(Records from a collection)
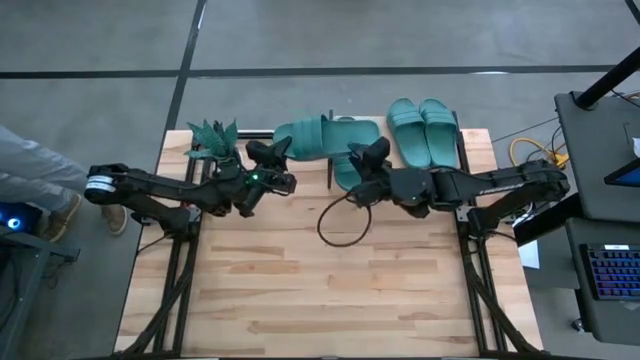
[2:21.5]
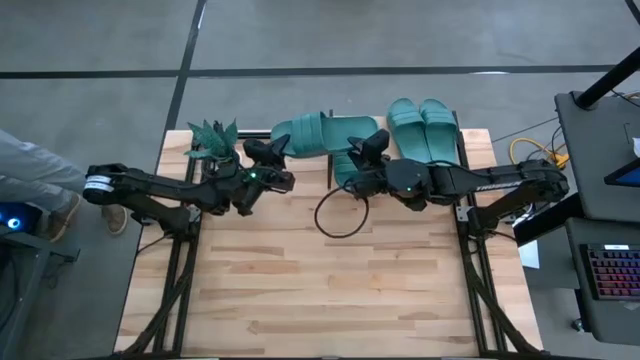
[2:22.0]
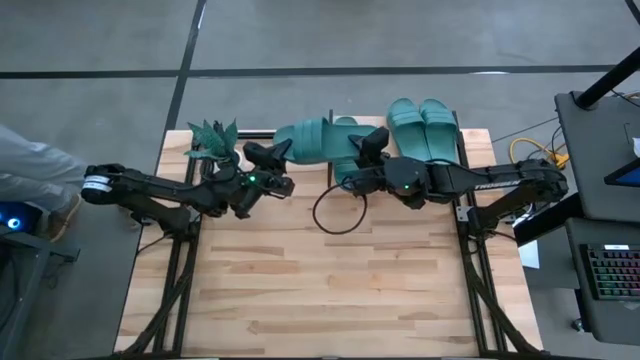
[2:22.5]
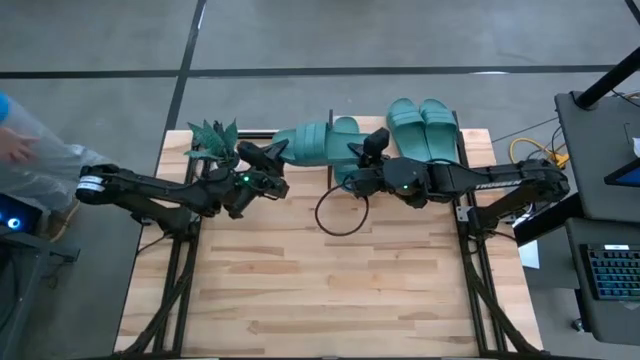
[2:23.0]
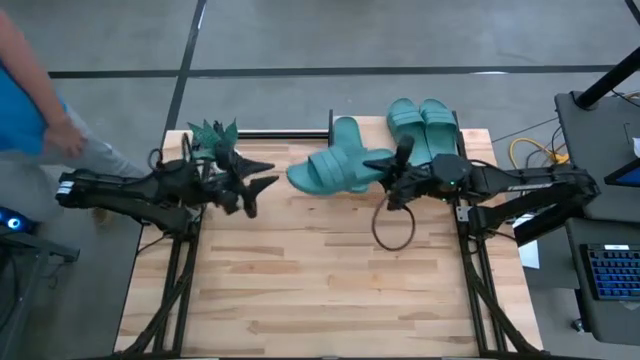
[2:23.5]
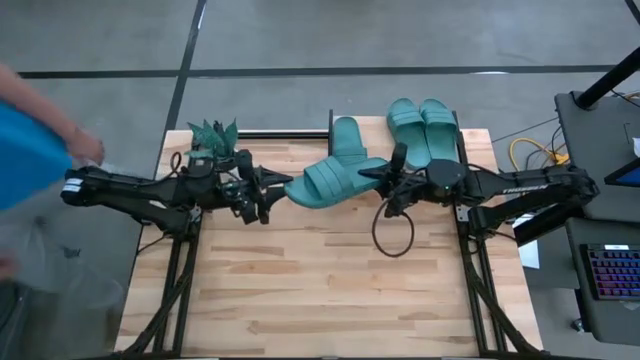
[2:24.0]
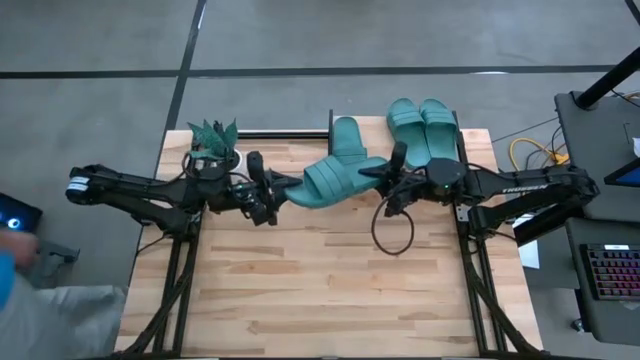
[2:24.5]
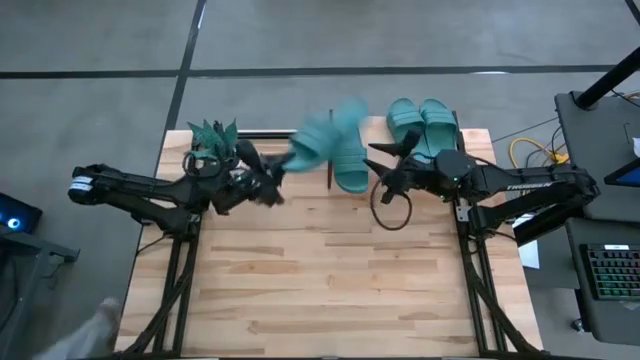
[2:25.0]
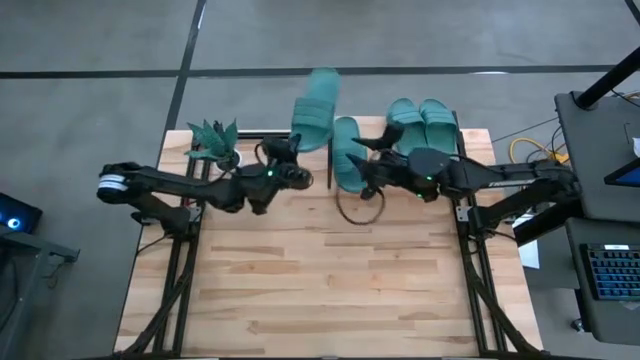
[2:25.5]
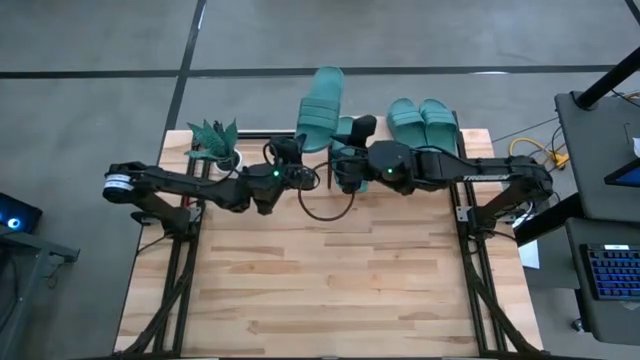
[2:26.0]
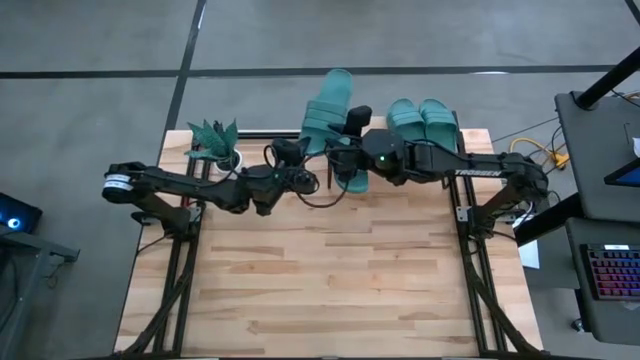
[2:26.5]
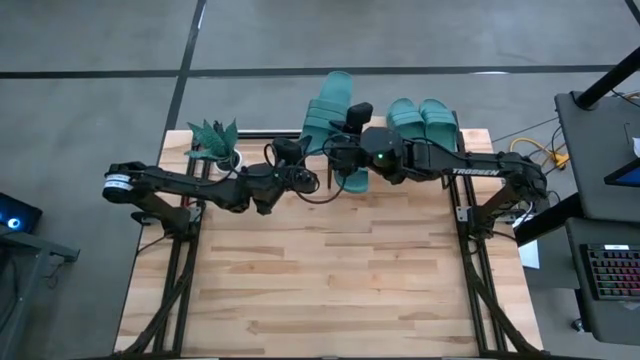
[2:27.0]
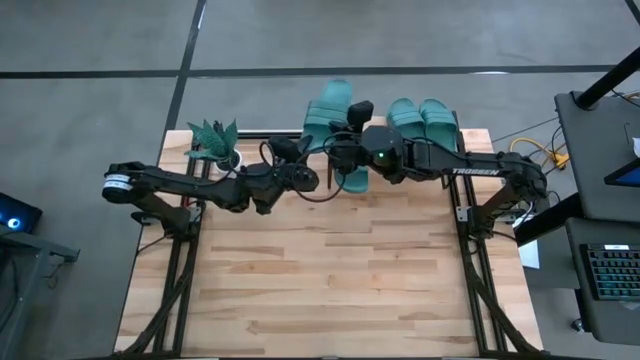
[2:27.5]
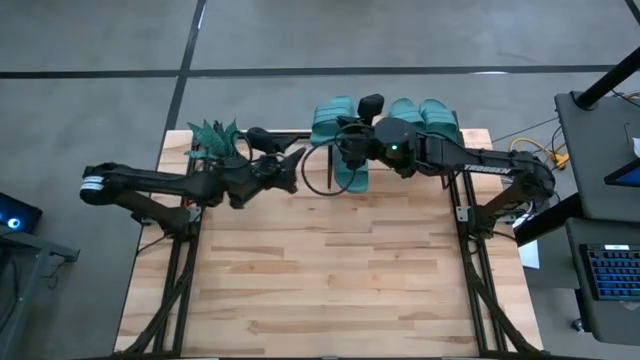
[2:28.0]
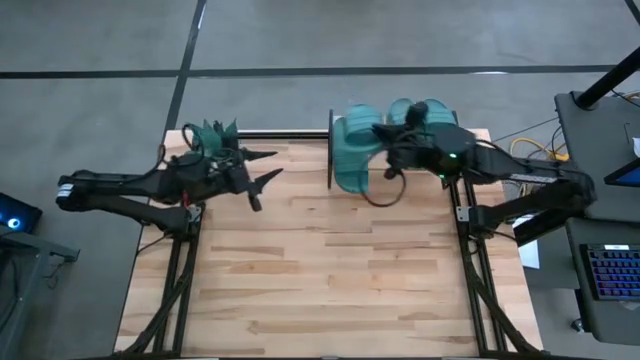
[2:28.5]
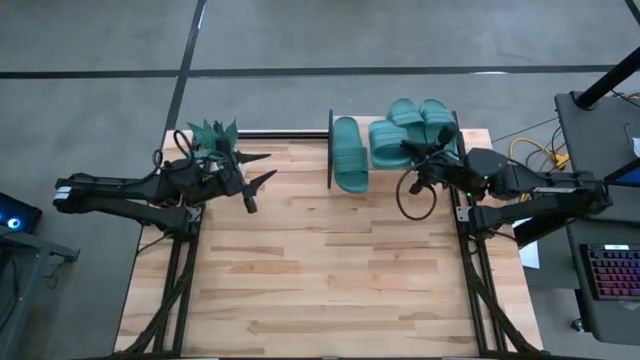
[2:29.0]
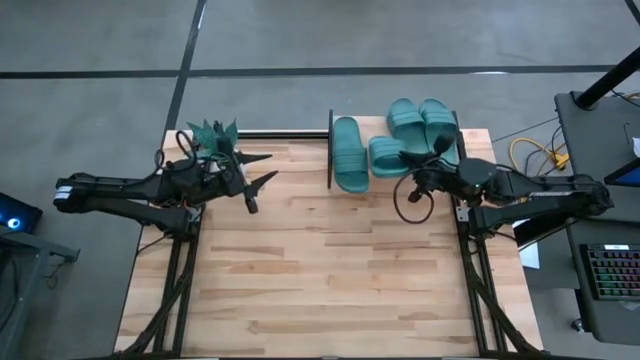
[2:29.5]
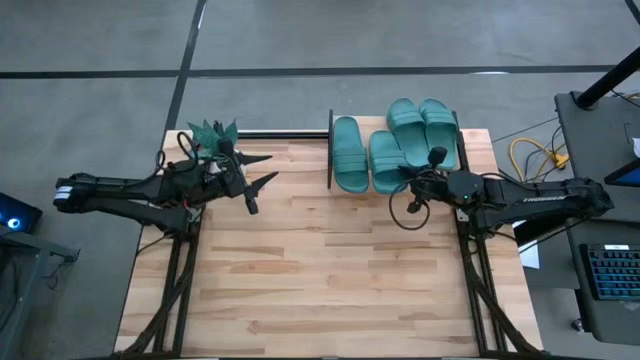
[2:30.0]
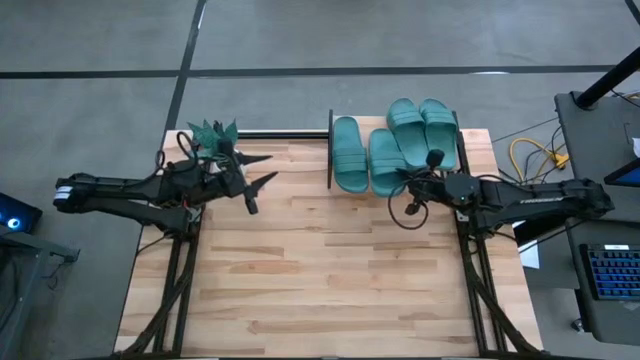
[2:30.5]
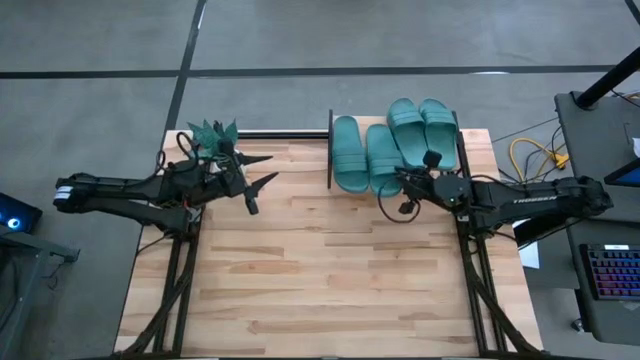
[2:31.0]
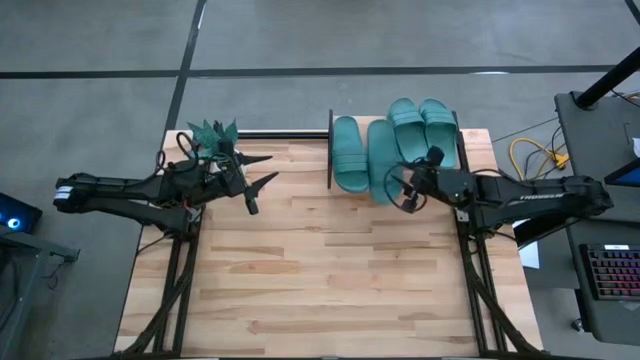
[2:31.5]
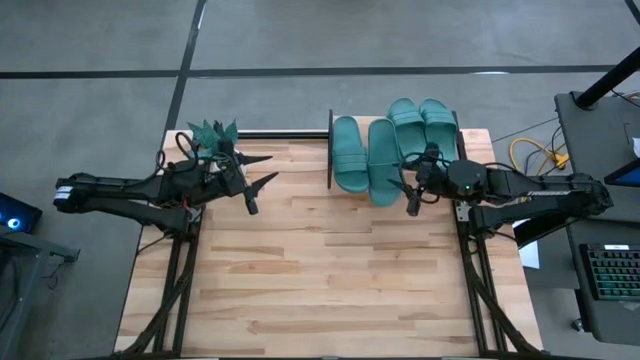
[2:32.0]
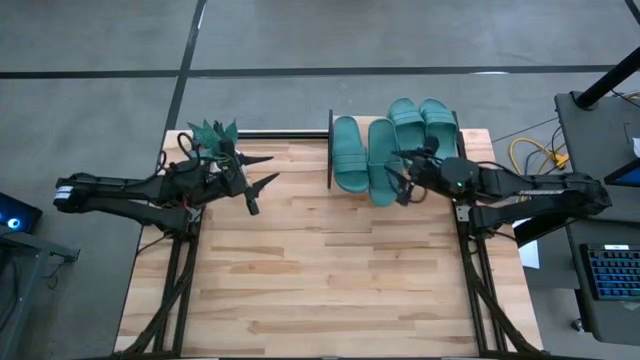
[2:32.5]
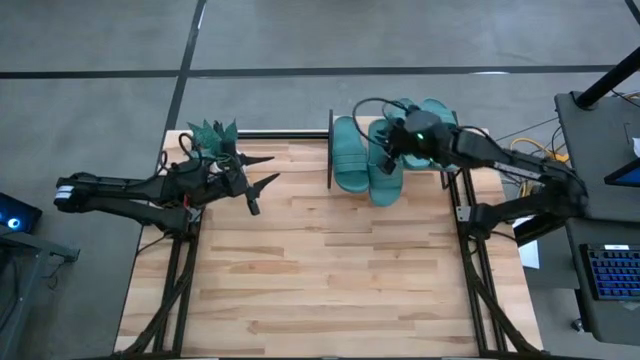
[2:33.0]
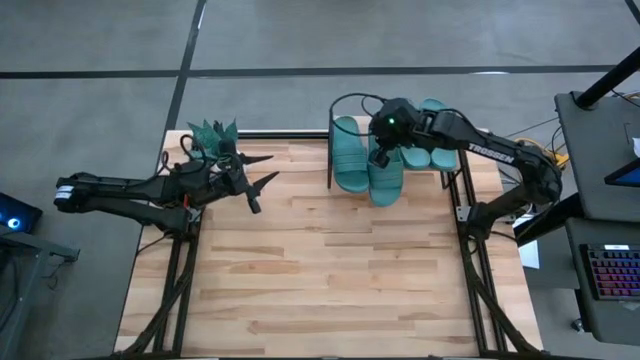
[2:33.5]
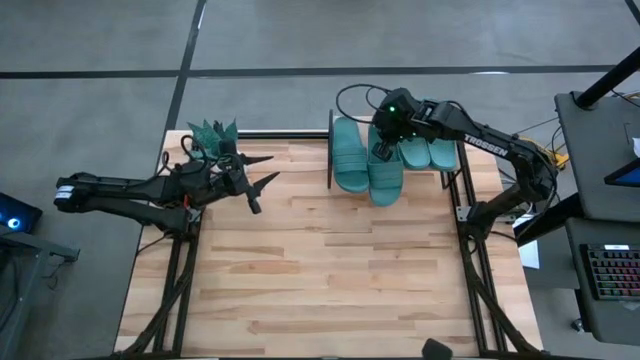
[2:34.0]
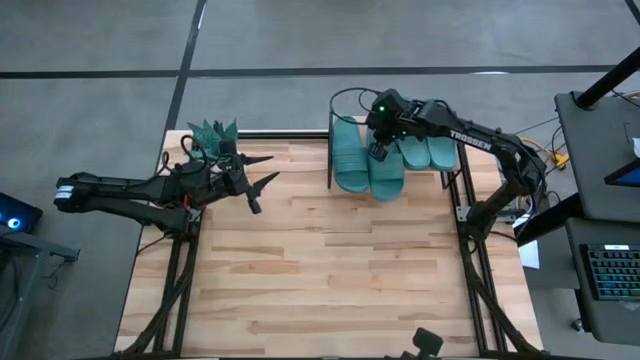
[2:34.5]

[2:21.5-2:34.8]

§ WHAT IS REQUIRED
Each entry must be retyped word for word, with every image omitted.

§ SOLVED PROBLEM
[2:21.5]
[2:22.0]
[2:22.5]
[2:23.0]
[2:23.5]
[2:24.0]
[2:24.5]
[2:25.0]
[2:25.5]
[2:26.0]
[2:26.5]
[2:27.0]
[2:27.5]
[2:28.0]
[2:28.5]
[2:29.0]
[2:29.5]
[2:30.0]
[2:30.5]
[2:31.0]
[2:31.5]
[2:32.0]
[2:32.5]
[2:33.0]
[2:33.5]
[2:34.0]
[2:34.5]

[2:21.5-2:34.8]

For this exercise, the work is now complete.